Usage of class inheritance here is not mandatory, but it is useful to minimize code duplication.

This model expects modules to be the only components where resources are actually defined and managed; they are supposed to be reusable (we use them without modifying them) and manage only the components they are written for.

In profiles, we can manage resources and the ordering of classes; we can initialize variables and use them as values for arguments in the declared classes, and we can generally benefit from having an extra layer of abstraction:

Class profile::base { 
  include ::networking
  include ::users 
}
class profile::tomcat { 
  class { '::jdk': } 
  class { '::tomcat': } 
}
class profile::webserver {
  class { '::httpd': } 
  class { '::php': } 
  class { '::memcache': } 
}

In profiles subclasses, we can manage exceptions or particular cases:

class profile::webserver::dev inherits profile::webserver { 
  Class['::php'] { 
    loglevel   => "debug"
  }
}

This model is quite flexible and has gained a lot of attention and endorsement from Puppet Labs. It's not the only approach that we can follow to organize the resources we need for our nodes in a sane way, but it's the current best practice and a good point of reference, as it formalizes the concept of role and exposes how we can organize and add layers of abstraction between our nodes and the used modules.

The data and the code

Hiera's crusade and possibly main reason to exist is data separation. In practical terms, this means to convert Puppet code like the following one:

$dns_server = $zone ? {
  'it'    => '1.2.3.4',
  default => '8.8.8.8',
}
class { '::resolver':
  server => $dns_servers,
}

Into something where there's no trace of local settings like:

$dns_server = hiera('dns_server')
class { '::resolver':
  server => $dns_servers,
}

With Puppet 3, the preceding code can be even more simplified with just the following line:

include ::resolver

This expects the resolver::server key evaluated as needed in our Hiera data sources.

The advantages of having data (in this case, the IP of the DNS server, whatever is the logic to elaborate it) in a separated place are clear:

We can manage and modify data without changing our code
Different people can work on data and code
Hiera's pluggable backend system dramatically enhances how and where data can be managed, allowing seamless integration with third-party tools and data sources
Code layout is simpler and more error proof
The lookup hierarchy is configurable

Nevertheless, there are a few little drawbacks or maybe, just the necessary side effects or needed evolutionary steps.

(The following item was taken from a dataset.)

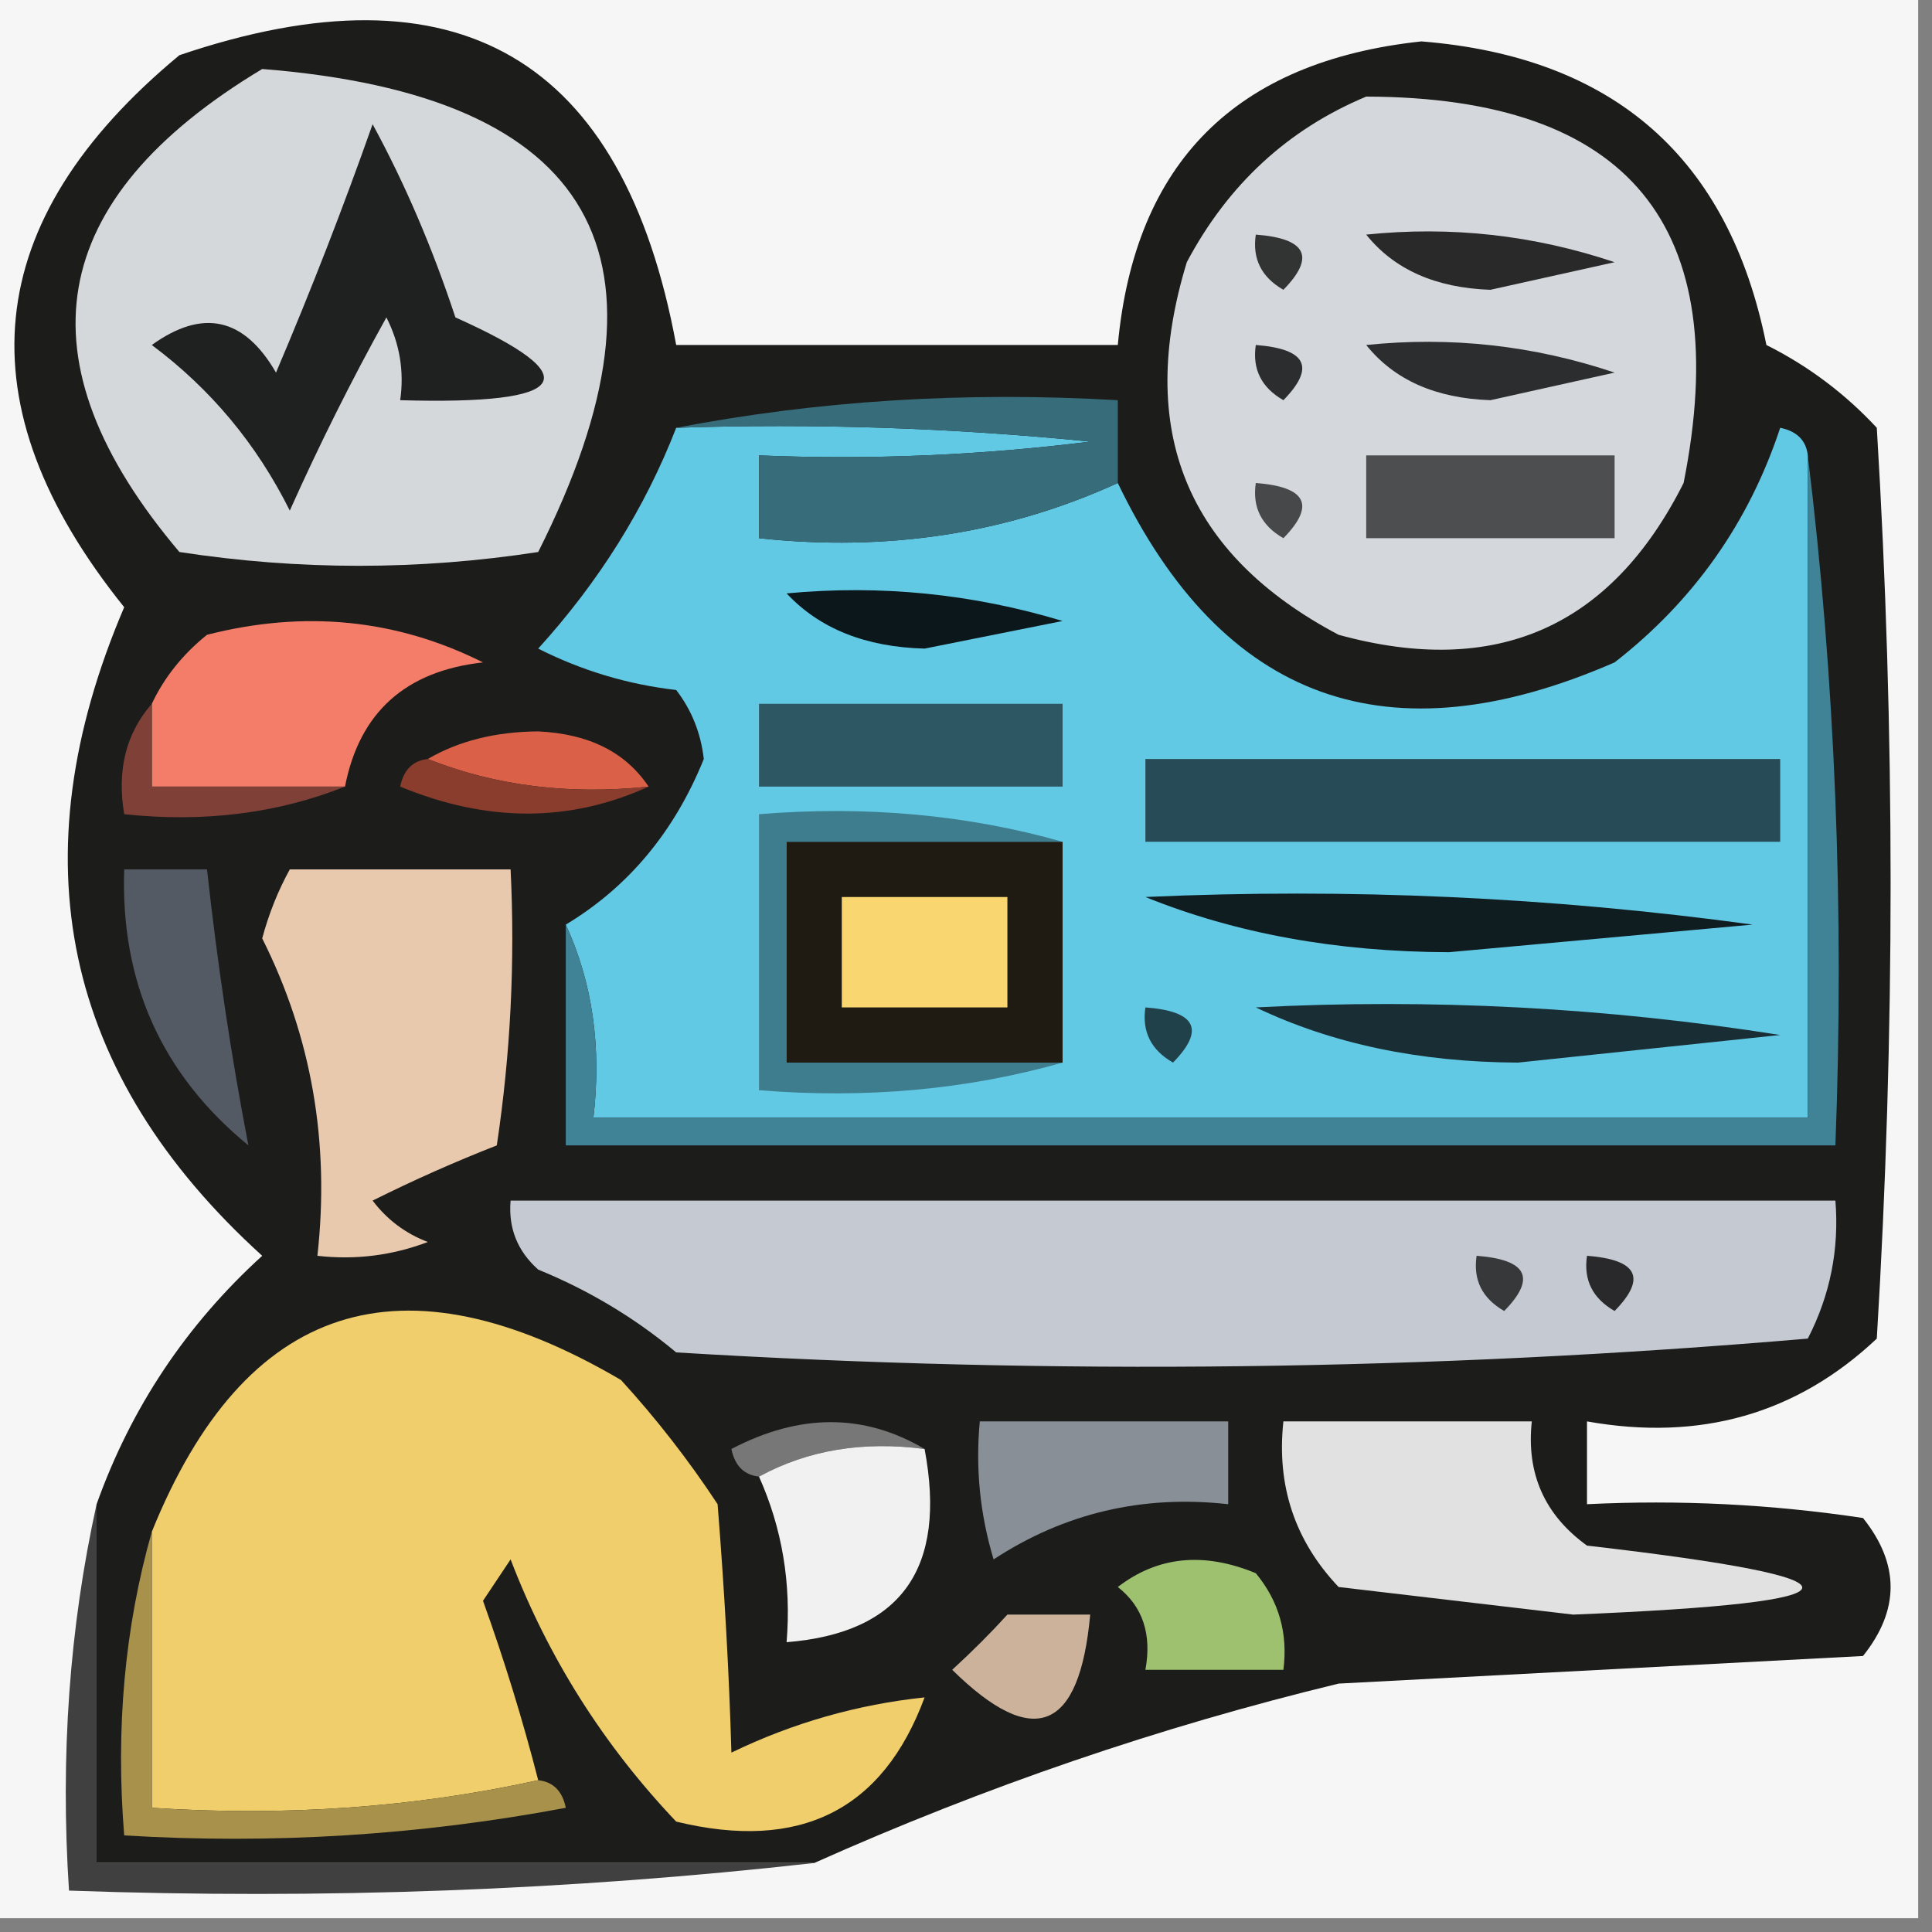 <svg xmlns="http://www.w3.org/2000/svg" xmlns:xlink="http://www.w3.org/1999/xlink" width="70px" height="70px" style="shape-rendering:geometricPrecision; text-rendering:geometricPrecision; image-rendering:optimizeQuality; fill-rule:evenodd; clip-rule:evenodd"><rect width="100%" height="100%" fill="#808080" stroke="none"/><g><path style="opacity:1" fill="#f6f6f6" d="M -0.5,-0.5 C 22.833,-0.5 46.167,-0.5 69.5,-0.5C 69.5,22.833 69.5,46.167 69.5,69.5C 46.167,69.5 22.833,69.5 -0.5,69.5C -0.5,46.167 -0.5,22.833 -0.5,-0.5 Z"></path></g><g><path style="opacity:1" fill="#1c1c1b" d="M 29.5,67.5 C 20.833,67.5 12.167,67.5 3.5,67.5C 3.5,63.167 3.5,58.833 3.5,54.5C 4.748,51.004 6.748,48.004 9.5,45.5C 2.274,38.94 0.607,31.107 4.5,22C -1.404,14.663 -0.737,7.997 6.5,2C 16.574,-1.419 22.574,2.081 24.5,12.5C 29.833,12.5 35.167,12.5 40.5,12.5C 41.113,5.887 44.78,2.22 51.5,1.5C 58.48,2.06 62.646,5.727 64,12.5C 65.512,13.257 66.846,14.257 68,15.5C 68.667,26.5 68.667,37.5 68,48.5C 65.103,51.231 61.603,52.231 57.5,51.5C 57.5,52.5 57.5,53.5 57.5,54.5C 60.85,54.335 64.183,54.502 67.5,55C 68.833,56.667 68.833,58.333 67.5,60C 61.167,60.333 54.833,60.667 48.5,61C 42.012,62.571 35.679,64.737 29.5,67.5 Z"></path></g><g><path style="opacity:1" fill="#f37d69" d="M 12.5,28.5 C 10.167,28.5 7.833,28.5 5.5,28.5C 5.5,27.5 5.5,26.5 5.5,25.5C 5.953,24.542 6.619,23.708 7.5,23C 11.033,22.097 14.367,22.43 17.5,24C 14.691,24.312 13.024,25.812 12.5,28.5 Z"></path></g><g><path style="opacity:1" fill="#62c9e5" d="M 24.5,15.5 C 29.511,15.334 34.511,15.501 39.5,16C 35.514,16.499 31.514,16.666 27.5,16.5C 27.5,17.5 27.5,18.5 27.5,19.5C 32.153,20.001 36.486,19.334 40.5,17.5C 44.302,25.41 50.302,27.576 58.5,24C 61.364,21.771 63.364,18.937 64.5,15.5C 65.107,15.624 65.44,15.957 65.5,16.5C 65.5,24.5 65.5,32.5 65.5,40.5C 50.833,40.5 36.167,40.5 21.5,40.5C 21.802,37.941 21.468,35.607 20.5,33.5C 22.768,32.135 24.435,30.135 25.5,27.5C 25.392,26.558 25.058,25.725 24.5,25C 22.744,24.798 21.078,24.298 19.5,23.5C 21.705,21.072 23.372,18.405 24.5,15.5 Z"></path></g><g><path style="opacity:1" fill="#0b171a" d="M 28.5,21.5 C 31.898,21.18 35.232,21.513 38.5,22.5C 36.833,22.833 35.167,23.167 33.5,23.5C 31.36,23.444 29.694,22.777 28.5,21.5 Z"></path></g><g><path style="opacity:1" fill="#376c7a" d="M 24.5,15.5 C 29.64,14.512 34.974,14.179 40.5,14.5C 40.5,15.5 40.5,16.5 40.5,17.5C 36.486,19.334 32.153,20.001 27.5,19.5C 27.5,18.5 27.5,17.5 27.5,16.5C 31.514,16.666 35.514,16.499 39.5,16C 34.511,15.501 29.511,15.334 24.5,15.5 Z"></path></g><g><path style="opacity:1" fill="#d4d7db" d="M 49.5,3.5 C 59.024,3.522 62.858,8.189 61,17.5C 58.367,22.732 54.201,24.565 48.5,23C 42.975,20.081 41.142,15.581 43,9.5C 44.494,6.686 46.66,4.686 49.5,3.5 Z"></path></g><g><path style="opacity:1" fill="#4d4e4f" d="M 49.5,16.5 C 52.5,16.5 55.5,16.5 58.5,16.5C 58.5,17.5 58.5,18.5 58.5,19.5C 55.5,19.5 52.5,19.5 49.5,19.5C 49.5,18.5 49.5,17.5 49.5,16.5 Z"></path></g><g><path style="opacity:1" fill="#474849" d="M 45.5,17.5 C 47.337,17.64 47.67,18.306 46.5,19.5C 45.703,19.043 45.369,18.376 45.5,17.5 Z"></path></g><g><path style="opacity:1" fill="#2c2d2e" d="M 45.5,12.5 C 47.337,12.639 47.67,13.306 46.5,14.5C 45.703,14.043 45.369,13.376 45.5,12.5 Z"></path></g><g><path style="opacity:1" fill="#2c2d2e" d="M 49.5,12.5 C 52.572,12.183 55.572,12.516 58.5,13.5C 57,13.833 55.5,14.167 54,14.5C 52.014,14.431 50.514,13.765 49.5,12.5 Z"></path></g><g><path style="opacity:1" fill="#292929" d="M 49.5,8.5 C 52.572,8.183 55.572,8.516 58.5,9.5C 57,9.833 55.5,10.167 54,10.5C 52.014,10.431 50.514,9.765 49.5,8.5 Z"></path></g><g><path style="opacity:1" fill="#323333" d="M 45.5,8.5 C 47.337,8.639 47.67,9.306 46.5,10.5C 45.703,10.043 45.369,9.376 45.5,8.5 Z"></path></g><g><path style="opacity:1" fill="#d5d8db" d="M 9.5,2.5 C 21.559,3.456 24.892,9.289 19.5,20C 15.167,20.667 10.833,20.667 6.5,20C 0.629,13.062 1.629,7.229 9.5,2.5 Z"></path></g><g><path style="opacity:1" fill="#1f2020" d="M 13.5,4.5 C 14.67,6.65 15.67,8.984 16.5,11.5C 21.363,13.675 20.697,14.675 14.5,14.5C 14.649,13.448 14.483,12.448 14,11.5C 12.742,13.764 11.575,16.098 10.5,18.5C 9.299,16.09 7.633,14.091 5.5,12.5C 7.347,11.17 8.847,11.503 10,13.5C 11.273,10.511 12.439,7.511 13.5,4.5 Z"></path></g><g><path style="opacity:1" fill="#da6147" d="M 23.5,28.5 C 20.615,28.806 17.948,28.473 15.5,27.5C 16.622,26.844 17.955,26.511 19.5,26.5C 21.333,26.585 22.666,27.252 23.5,28.5 Z"></path></g><g><path style="opacity:1" fill="#2d5763" d="M 27.5,25.5 C 31.167,25.5 34.833,25.5 38.5,25.5C 38.5,26.5 38.5,27.5 38.5,28.5C 34.833,28.5 31.167,28.5 27.5,28.5C 27.5,27.5 27.5,26.5 27.5,25.5 Z"></path></g><g><path style="opacity:1" fill="#7f4137" d="M 5.5,25.5 C 5.5,26.5 5.5,27.5 5.5,28.5C 7.833,28.5 10.167,28.5 12.5,28.5C 10.052,29.473 7.385,29.806 4.5,29.5C 4.232,27.901 4.566,26.568 5.5,25.5 Z"></path></g><g><path style="opacity:1" fill="#8b3d2d" d="M 15.5,27.5 C 17.948,28.473 20.615,28.806 23.5,28.5C 20.645,29.803 17.645,29.803 14.5,28.5C 14.624,27.893 14.957,27.56 15.5,27.5 Z"></path></g><g><path style="opacity:1" fill="#284c57" d="M 41.5,27.5 C 49.167,27.5 56.833,27.5 64.5,27.5C 64.5,28.5 64.5,29.5 64.5,30.5C 56.833,30.5 49.167,30.5 41.5,30.5C 41.5,29.5 41.5,28.5 41.5,27.5 Z"></path></g><g><path style="opacity:1" fill="#3d7d8e" d="M 38.5,30.5 C 35.167,30.5 31.833,30.5 28.5,30.5C 28.5,33.167 28.5,35.833 28.5,38.5C 31.833,38.5 35.167,38.5 38.5,38.5C 35.038,39.482 31.371,39.815 27.5,39.5C 27.5,36.167 27.5,32.833 27.5,29.5C 31.371,29.185 35.038,29.518 38.5,30.5 Z"></path></g><g><path style="opacity:1" fill="#1f1b12" d="M 38.5,30.5 C 38.5,33.167 38.5,35.833 38.5,38.5C 35.167,38.5 31.833,38.5 28.5,38.5C 28.5,35.833 28.5,33.167 28.5,30.5C 31.833,30.5 35.167,30.5 38.5,30.5 Z"></path></g><g><path style="opacity:1" fill="#535a63" d="M 4.5,31.5 C 5.5,31.5 6.5,31.5 7.5,31.5C 7.881,34.959 8.381,38.292 9,41.5C 5.863,38.929 4.363,35.596 4.5,31.5 Z"></path></g><g><path style="opacity:1" fill="#e8c9ae" d="M 10.5,31.5 C 13.167,31.5 15.833,31.5 18.5,31.5C 18.665,34.85 18.498,38.183 18,41.5C 16.491,42.09 14.991,42.756 13.5,43.5C 14.025,44.192 14.692,44.692 15.5,45C 14.207,45.49 12.873,45.657 11.5,45.5C 11.956,41.398 11.289,37.565 9.5,34C 9.743,33.098 10.077,32.265 10.5,31.5 Z"></path></g><g><path style="opacity:1" fill="#101d20" d="M 41.5,32.5 C 48.864,32.169 56.197,32.503 63.5,33.5C 59.833,33.833 56.167,34.167 52.5,34.5C 48.435,34.489 44.768,33.822 41.5,32.5 Z"></path></g><g><path style="opacity:1" fill="#f9d66f" d="M 30.5,32.5 C 32.5,32.5 34.5,32.5 36.5,32.5C 36.5,33.833 36.5,35.167 36.5,36.5C 34.5,36.5 32.5,36.5 30.5,36.5C 30.5,35.167 30.5,33.833 30.5,32.5 Z"></path></g><g><path style="opacity:1" fill="#408396" d="M 65.5,16.5 C 66.493,24.65 66.826,32.983 66.5,41.5C 51.167,41.5 35.833,41.5 20.5,41.5C 20.5,38.833 20.5,36.167 20.5,33.5C 21.468,35.607 21.802,37.941 21.5,40.5C 36.167,40.5 50.833,40.5 65.5,40.5C 65.5,32.5 65.5,24.5 65.5,16.5 Z"></path></g><g><path style="opacity:1" fill="#21414a" d="M 41.5,36.5 C 43.337,36.639 43.67,37.306 42.5,38.5C 41.703,38.043 41.369,37.376 41.5,36.5 Z"></path></g><g><path style="opacity:1" fill="#192e34" d="M 45.5,36.5 C 51.868,36.17 58.202,36.504 64.5,37.5C 61.333,37.833 58.167,38.167 55,38.5C 51.424,38.485 48.258,37.818 45.5,36.5 Z"></path></g><g><path style="opacity:1" fill="#c5cad2" d="M 18.5,43.5 C 34.5,43.5 50.5,43.5 66.5,43.5C 66.643,45.262 66.309,46.929 65.5,48.5C 51.846,49.666 38.179,49.833 24.5,49C 22.999,47.748 21.332,46.748 19.5,46C 18.748,45.329 18.414,44.496 18.5,43.5 Z"></path></g><g><path style="opacity:1" fill="#37383a" d="M 53.5,45.5 C 55.337,45.639 55.67,46.306 54.5,47.5C 53.703,47.043 53.369,46.376 53.5,45.5 Z"></path></g><g><path style="opacity:1" fill="#29292b" d="M 57.5,45.5 C 59.337,45.639 59.67,46.306 58.5,47.5C 57.703,47.043 57.369,46.376 57.5,45.5 Z"></path></g><g><path style="opacity:1" fill="#f0ce6b" d="M 19.5,64.5 C 15.03,65.486 10.363,65.82 5.5,65.5C 5.5,62.167 5.5,58.833 5.5,55.5C 8.872,47.166 14.539,45.332 22.5,50C 23.788,51.41 24.954,52.91 26,54.5C 26.252,57.667 26.419,60.667 26.5,63.5C 28.729,62.423 31.063,61.756 33.5,61.5C 31.987,65.591 28.987,67.091 24.5,66C 21.862,63.222 19.862,60.056 18.5,56.5C 18.167,57 17.833,57.5 17.5,58C 18.274,60.154 18.941,62.321 19.5,64.5 Z"></path></g><g><path style="opacity:1" fill="#777777" d="M 33.5,52.5 C 31.265,52.205 29.265,52.539 27.5,53.5C 26.957,53.44 26.624,53.107 26.5,52.5C 28.973,51.203 31.307,51.203 33.5,52.5 Z"></path></g><g><path style="opacity:1" fill="#f1f1f1" d="M 33.5,52.5 C 34.315,56.833 32.648,59.166 28.5,59.5C 28.675,57.379 28.341,55.379 27.5,53.5C 29.265,52.539 31.265,52.205 33.5,52.5 Z"></path></g><g><path style="opacity:1" fill="#888f97" d="M 35.5,51.5 C 38.5,51.5 41.5,51.5 44.5,51.5C 44.5,52.5 44.5,53.5 44.5,54.5C 41.398,54.154 38.565,54.821 36,56.5C 35.507,54.866 35.34,53.199 35.5,51.5 Z"></path></g><g><path style="opacity:1" fill="#9dc16f" d="M 40.5,57.5 C 41.946,56.387 43.613,56.22 45.5,57C 46.337,58.011 46.67,59.178 46.5,60.5C 44.833,60.5 43.167,60.5 41.5,60.5C 41.737,59.209 41.404,58.209 40.5,57.5 Z"></path></g><g><path style="opacity:1" fill="#e1e1e1" d="M 46.5,51.5 C 49.5,51.5 52.5,51.5 55.5,51.5C 55.297,53.39 55.963,54.89 57.5,56C 68.063,57.219 67.896,58.053 57,58.5C 54.167,58.167 51.333,57.833 48.5,57.5C 46.914,55.827 46.247,53.827 46.5,51.5 Z"></path></g><g><path style="opacity:1" fill="#ccb29a" d="M 36.5,58.5 C 37.5,58.5 38.5,58.5 39.5,58.5C 39.114,62.738 37.448,63.404 34.5,60.5C 35.243,59.818 35.909,59.151 36.5,58.5 Z"></path></g><g><path style="opacity:1" fill="#a8924b" d="M 5.5,55.5 C 5.5,58.833 5.5,62.167 5.5,65.5C 10.363,65.82 15.03,65.486 19.5,64.5C 20.043,64.56 20.376,64.893 20.5,65.5C 15.208,66.495 9.875,66.828 4.5,66.5C 4.185,62.629 4.518,58.962 5.5,55.5 Z"></path></g><g><path style="opacity:1" fill="#404040" d="M 3.5,54.5 C 3.5,58.833 3.5,63.167 3.5,67.5C 12.167,67.5 20.833,67.5 29.5,67.5C 20.682,68.493 11.682,68.827 2.5,68.5C 2.181,63.637 2.514,58.97 3.5,54.5 Z"></path></g></svg>

They are as follows:

What we've learned about Puppet and used to do without Hiera is obsolete
We don't see, directly in our code, the values we are using
We have two different places where we can look to understand what code does
We need to set the variables we use in our hierarchy as top scope variables or facts, or anyway, we need to refer to them with a fixed fully qualified name
We might have to refactor a lot of existing code to move our data and logic into Hiera

A personal note: I've been quite a late jumper on the Hiera wagon. While developing modules with the ambition that they can be reusable, I decided I couldn't exclude users who weren't using this additional component. So, until Puppet 3 with Hiera integrated in it became mainstream, I didn't want to force the usage of Hiera in my code.

Now things are different. Puppet 3's data bindings change the whole scene, Hiera is deeply integrated and is here to stay, and so, even if we can happily live without using it, I would definitively recommend its usage in most of the cases.